BIG SIN III - Six

283 18 0
                                    

Multimedia: Khumaira Azzahra dan Mauria Mahardika Sadewa.

*-----*

          AAAAAAAHHHHHHH!!!! Rasanya senang sekali! Akhirnya Zahra bisa kembali pulang ke kampung halamannya setelah sekian lama tak singgah. Sudah bertahun-tahun lamanya ia tak menginjak tanah tempat ia dilahirkan.

Zahra tak pernah pulang kemari. Kalau saja liburan semester saat sekolah dan atau liburan lainnya, Zahra hanya bisa pulang ke rumah dinas Ibunya. Memang tak begitu jauh dari sini, tapi ia tak pernah benar-benar menginjakkan kaki lagi di sini hingga sekarang.

Rumah panggungnya yang terbuat dari kayu tampak terawat dan bersih karena Ibunya selalu pulang kemari di hari minggu. Tanaman hias seperti mawar dan anggrek tampak sedikit kumuh karena belum disiram. Tapi tanaman-tanaman lainnya seperti cabai, tomat, jahe, kencur dan sebagainya tampak tumbuh dengan baik.

Zahra tak bisa berhenti tersenyum sedari tadi. Ia tak mengenakan cadar seperti biasanya sehingga Dika yang memaksa harus ikut ke kampung halaman Zahra jadi ikut menorehkan senyum karenanya.
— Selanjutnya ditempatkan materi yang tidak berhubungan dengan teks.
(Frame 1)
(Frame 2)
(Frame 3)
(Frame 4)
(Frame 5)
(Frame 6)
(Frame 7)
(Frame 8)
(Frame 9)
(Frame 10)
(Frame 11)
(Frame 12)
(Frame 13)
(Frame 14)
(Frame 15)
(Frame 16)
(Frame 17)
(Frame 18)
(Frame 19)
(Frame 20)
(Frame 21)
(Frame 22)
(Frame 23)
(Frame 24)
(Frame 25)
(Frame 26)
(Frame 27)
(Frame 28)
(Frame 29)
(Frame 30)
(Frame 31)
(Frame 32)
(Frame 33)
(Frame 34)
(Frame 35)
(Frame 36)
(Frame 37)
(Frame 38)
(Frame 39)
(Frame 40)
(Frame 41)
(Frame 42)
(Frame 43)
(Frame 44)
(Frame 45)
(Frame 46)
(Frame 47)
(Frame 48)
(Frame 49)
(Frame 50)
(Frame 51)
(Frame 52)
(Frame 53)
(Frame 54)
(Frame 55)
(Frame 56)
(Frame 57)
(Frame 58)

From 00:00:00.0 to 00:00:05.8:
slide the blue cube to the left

Meskipun gadis cantik itu tampak kehilangan pipinya yang tembam, senyumnya tak pernah pudar semenjak ia diturunkan dari mobil travel yang dipikirkan di dekat masjid.
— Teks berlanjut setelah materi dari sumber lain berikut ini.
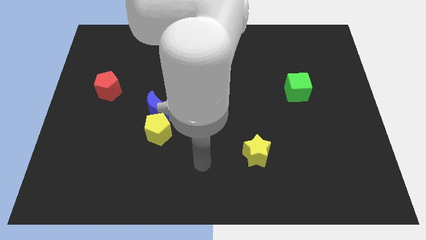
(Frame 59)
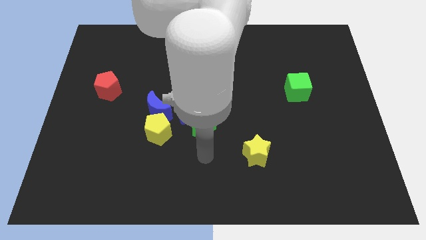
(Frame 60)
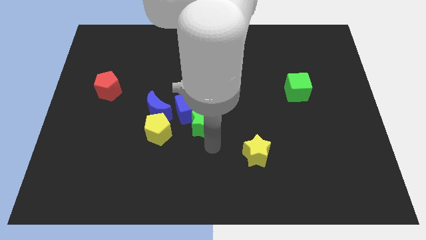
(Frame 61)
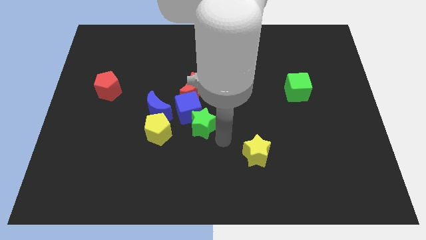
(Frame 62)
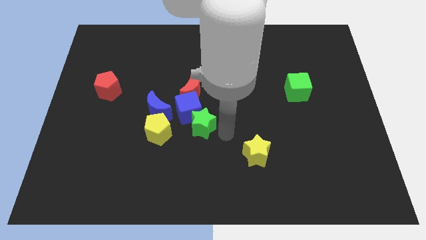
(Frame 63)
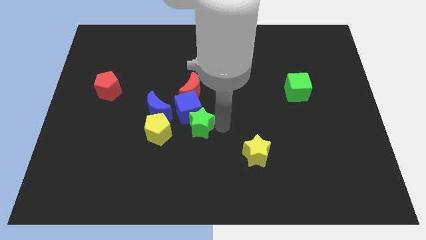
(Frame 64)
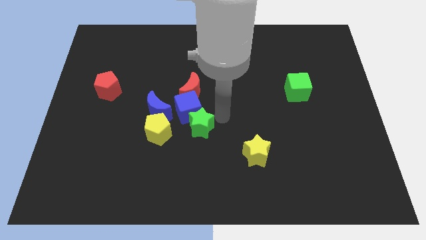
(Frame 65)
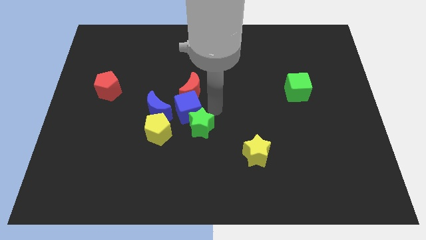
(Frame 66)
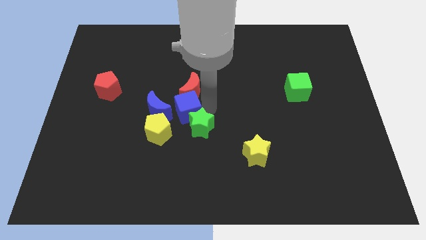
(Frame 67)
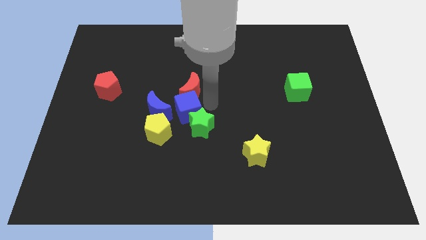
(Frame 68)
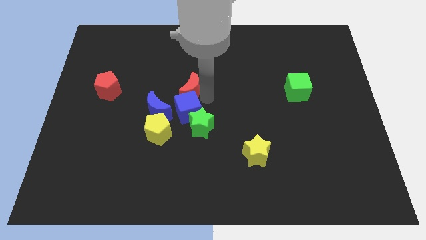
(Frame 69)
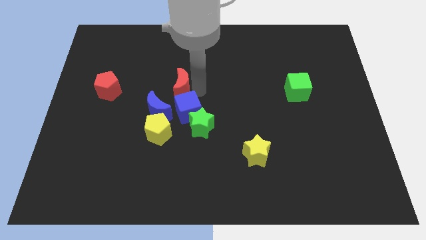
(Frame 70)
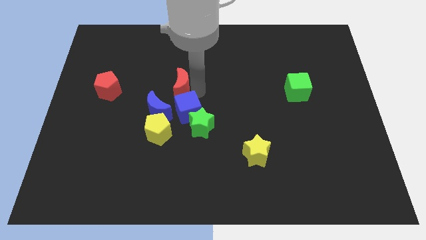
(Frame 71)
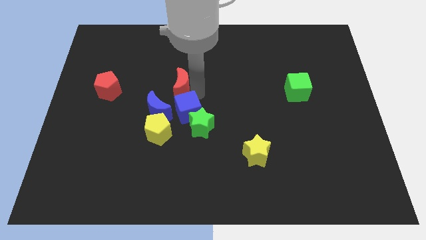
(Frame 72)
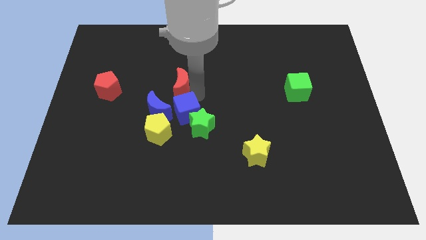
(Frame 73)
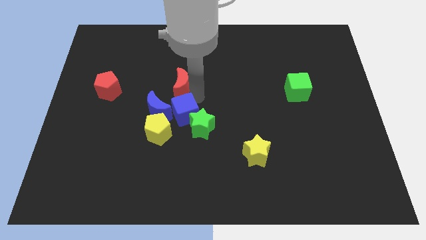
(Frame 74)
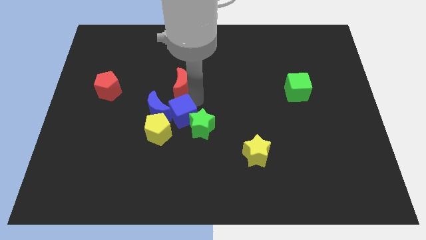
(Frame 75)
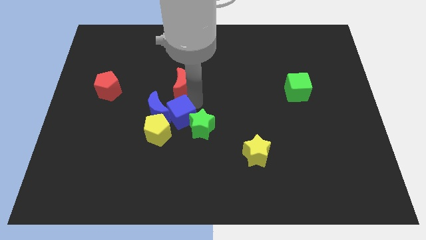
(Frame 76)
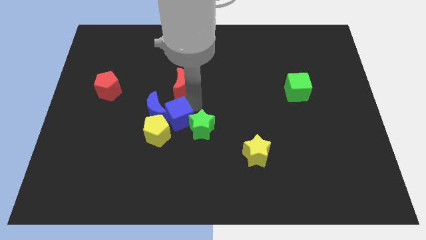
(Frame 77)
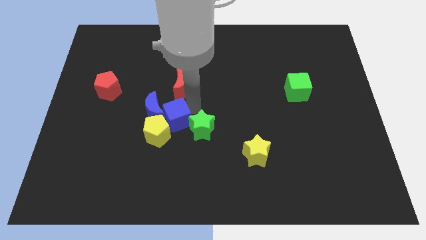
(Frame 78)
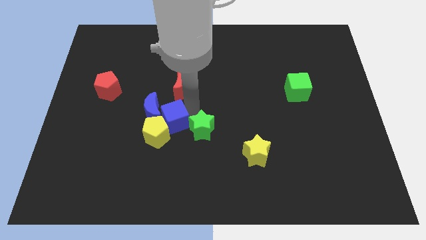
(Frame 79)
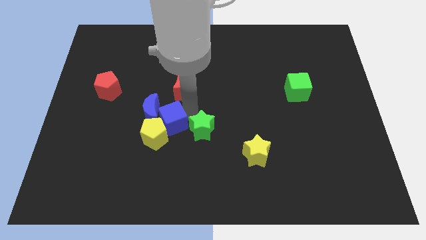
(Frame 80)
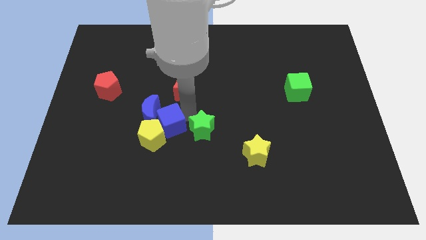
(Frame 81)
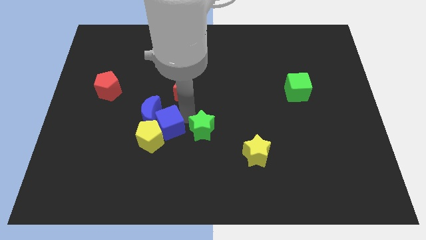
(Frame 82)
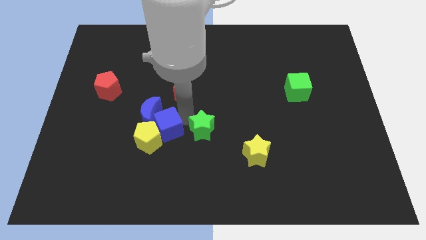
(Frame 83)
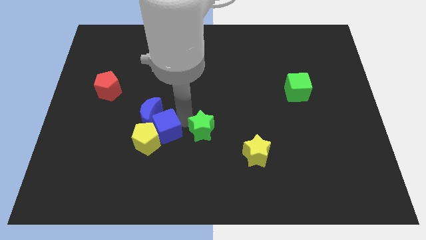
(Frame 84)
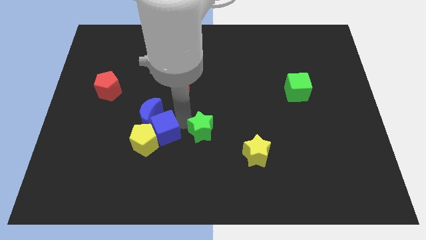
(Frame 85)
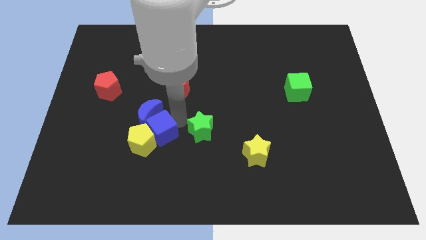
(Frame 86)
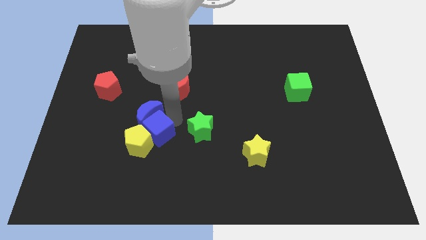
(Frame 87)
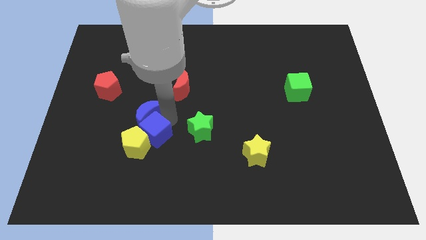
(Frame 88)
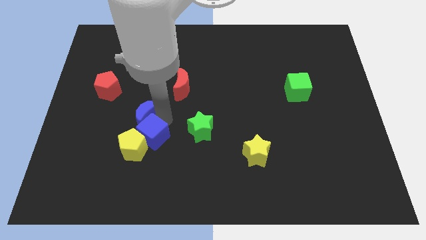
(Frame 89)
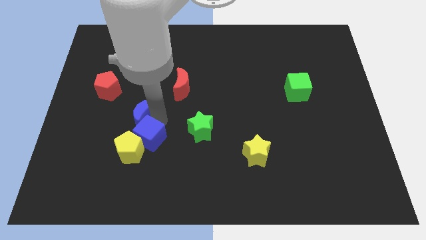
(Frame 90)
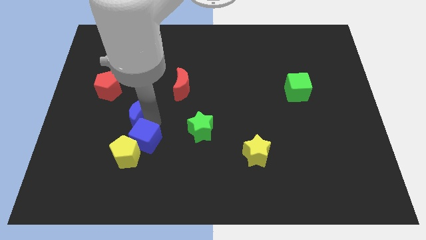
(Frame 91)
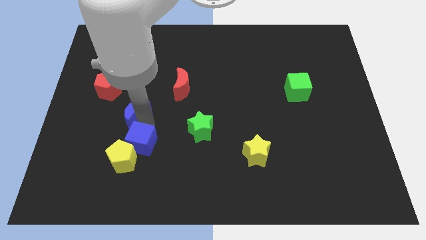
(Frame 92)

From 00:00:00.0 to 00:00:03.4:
slightly slide the blue cube left

Rumah milik Zahra tak begitu jauh dari masjid yang tampak sedang diperbaiki. Tak ada jalan masuk lain selain jalan utama yang berujung lapangan luas yang dikelilingi oleh rumah warga yang bentuknya hampir serupa.

Zahra melangkah perlahan menyusuri jalan setapak di sekitaran rumahnya sambil memutarkan baju panjang miliknya sehingga itu bergelombang terbawa angin.

Bak bocah saja. Pikir Dika sambil memasukkan beberapa bingkisan bawaannya dari kota.

Saat memasuki rumah, ada aroma cengkeh yang tercium cukup dekat. Nyatanya ada beberapa botol mineral yang digantung dan dijadikan pot tanaman di dekat dapur yang masih menggunakan tungku.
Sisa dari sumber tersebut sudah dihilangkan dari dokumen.